▶ SUPPLIED DATA:
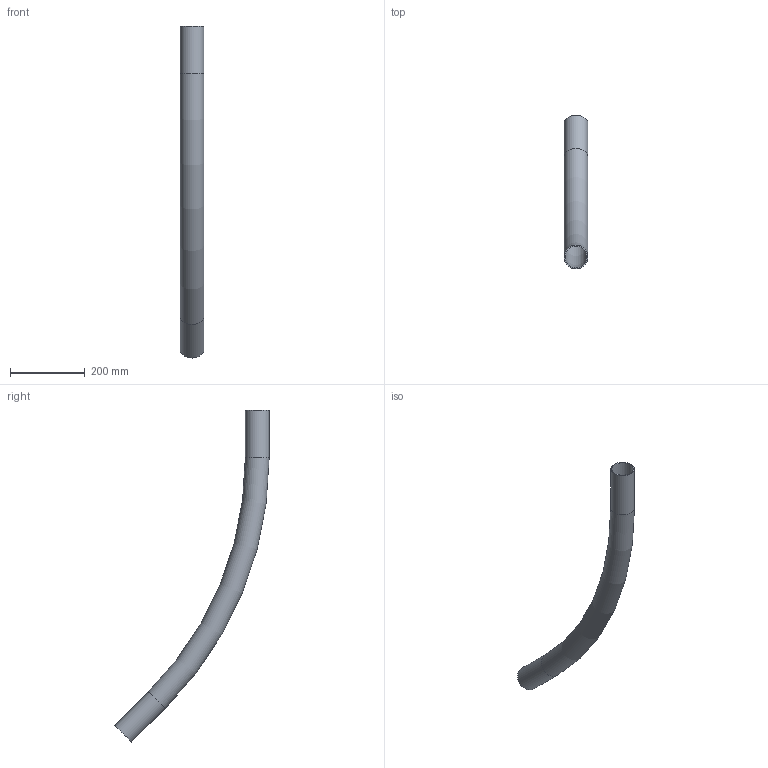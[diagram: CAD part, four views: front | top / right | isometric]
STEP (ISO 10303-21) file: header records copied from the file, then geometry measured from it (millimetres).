
FILE_DESCRIPTION(/* description */ (''),/* implementation_level */ '2;1');
FILE_NAME(/* name */ 'TB11GA253645.stp',/* time_stamp */ '2023-11-22T10:53:12-05:00',/* author */ ('Admin'),/* organization */ (''),/* preprocessor_version */ 'ST-DEVELOPER v19',/* originating_system */ 'Autodesk Inventor 2023',/* authorisation */ '');
FILE_SCHEMA (('AUTOMOTIVE_DESIGN { 1 0 10303 214 3 1 1 }'));
Length unit declared in the file: inch
Products named in the file (1): TB11GA253645
Bounding box: 63.5 x 411.82 x 885.83 mm (x, y, z)
Volume: 562751.8 mm3; surface area: 370417.4 mm2
Topology: 1 solids, 1 shells, 8 faces, 18 edges, 12 vertices
Faces by surface type: cylinder 4, torus 2, plane 2
Full cylindrical faces by diameter (mm): 57.404 x2, 63.5 x2
Entity records: 283 total; most frequent: DIRECTION 50, CARTESIAN_POINT 39, ORIENTED_EDGE 36, AXIS2_PLACEMENT_3D 23, EDGE_CURVE 18, CIRCLE 14, VERTEX_POINT 12, EDGE_LOOP 10
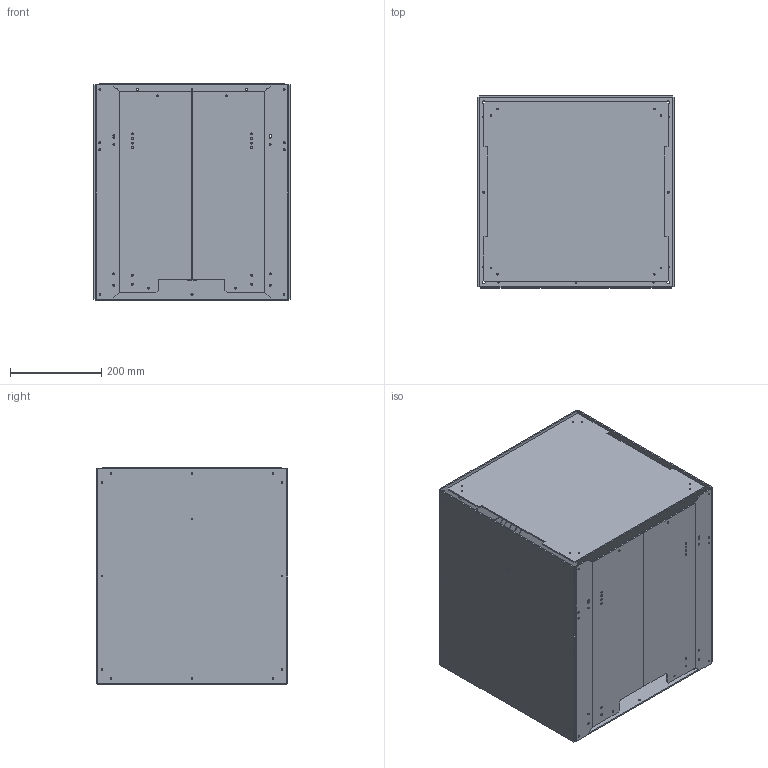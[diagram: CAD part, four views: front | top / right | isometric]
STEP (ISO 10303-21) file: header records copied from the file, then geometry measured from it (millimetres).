
FILE_DESCRIPTION(/* description */ (''),/* implementation_level */ '2;1');
FILE_NAME(/* name */ 'panels.step',/* time_stamp */ '2022-09-08T22:26:42-04:00',/* author */ (''),/* organization */ (''),/* preprocessor_version */ 'ST-DEVELOPER v19',/* originating_system */ 'Autodesk Translation Framework v11.7.0.108',/* authorisation */ '');
FILE_SCHEMA (('AUTOMOTIVE_DESIGN { 1 0 10303 214 3 1 1 }'));
Length unit declared in the file: millimetre
Products named in the file (11): panels; top panel; panel 50mm (1); panel door 2; bottom panel; panel door; back panel; side panel (1); panel 50mm; side panel2; back panel CPAP
Assembly tree (10 placements, depth 2):
  panels
    top panel
    panel 50mm (1)
    panel door 2
    bottom panel
    panel door
    back panel
    side panel (1)
    panel 50mm
    side panel2
    back panel CPAP
Bounding box: 431 x 421.03 x 476 mm (x, y, z)
Volume: 3846042.1 mm3; surface area: 2631476 mm2
Topology: 10 solids, 10 shells, 387 faces, 1083 edges, 722 vertices
Faces by surface type: cylinder 221, plane 162, bspline 4
Full cylindrical faces by diameter (mm): 3 x21, 3.2 x18, 3.4 x8, 4 x6, 4.2 x6, 4.3 x16, 4.4 x62, 6.4 x4, 18.2 x1, 20 x2, 26 x1, 58 x4
Entity records: 13880 total; most frequent: CARTESIAN_POINT 2458, DIRECTION 2327, ORIENTED_EDGE 2166, EDGE_CURVE 1083, AXIS2_PLACEMENT_3D 847, EDGE_LOOP 727, VERTEX_POINT 722, LINE 633

▶ EXERCISE PROMPT:
Pictures stay out. Print the data exactly, from its first line through the line containing "Entity records: 283".

▶ RESULT OF THE TASK:
[diagram: CAD part, four views: front | top / right | isometric]
STEP (ISO 10303-21) file: header records copied from the file, then geometry measured from it (millimetres).
FILE_DESCRIPTION(/* description */ (''),/* implementation_level */ '2;1');
FILE_NAME(/* name */ 'TB11GA253645.stp',/* time_stamp */ '2023-11-22T10:53:12-05:00',/* author */ ('Admin'),/* organization */ (''),/* preprocessor_version */ 'ST-DEVELOPER v19',/* originating_system */ 'Autodesk Inventor 2023',/* authorisation */ '');
FILE_SCHEMA (('AUTOMOTIVE_DESIGN { 1 0 10303 214 3 1 1 }'));
Length unit declared in the file: inch
Products named in the file (1): TB11GA253645
Bounding box: 63.5 x 411.82 x 885.83 mm (x, y, z)
Volume: 562751.8 mm3; surface area: 370417.4 mm2
Topology: 1 solids, 1 shells, 8 faces, 18 edges, 12 vertices
Faces by surface type: cylinder 4, torus 2, plane 2
Full cylindrical faces by diameter (mm): 57.404 x2, 63.5 x2
Entity records: 283 total; most frequent: DIRECTION 50, CARTESIAN_POINT 39, ORIENTED_EDGE 36, AXIS2_PLACEMENT_3D 23, EDGE_CURVE 18, CIRCLE 14, VERTEX_POINT 12, EDGE_LOOP 10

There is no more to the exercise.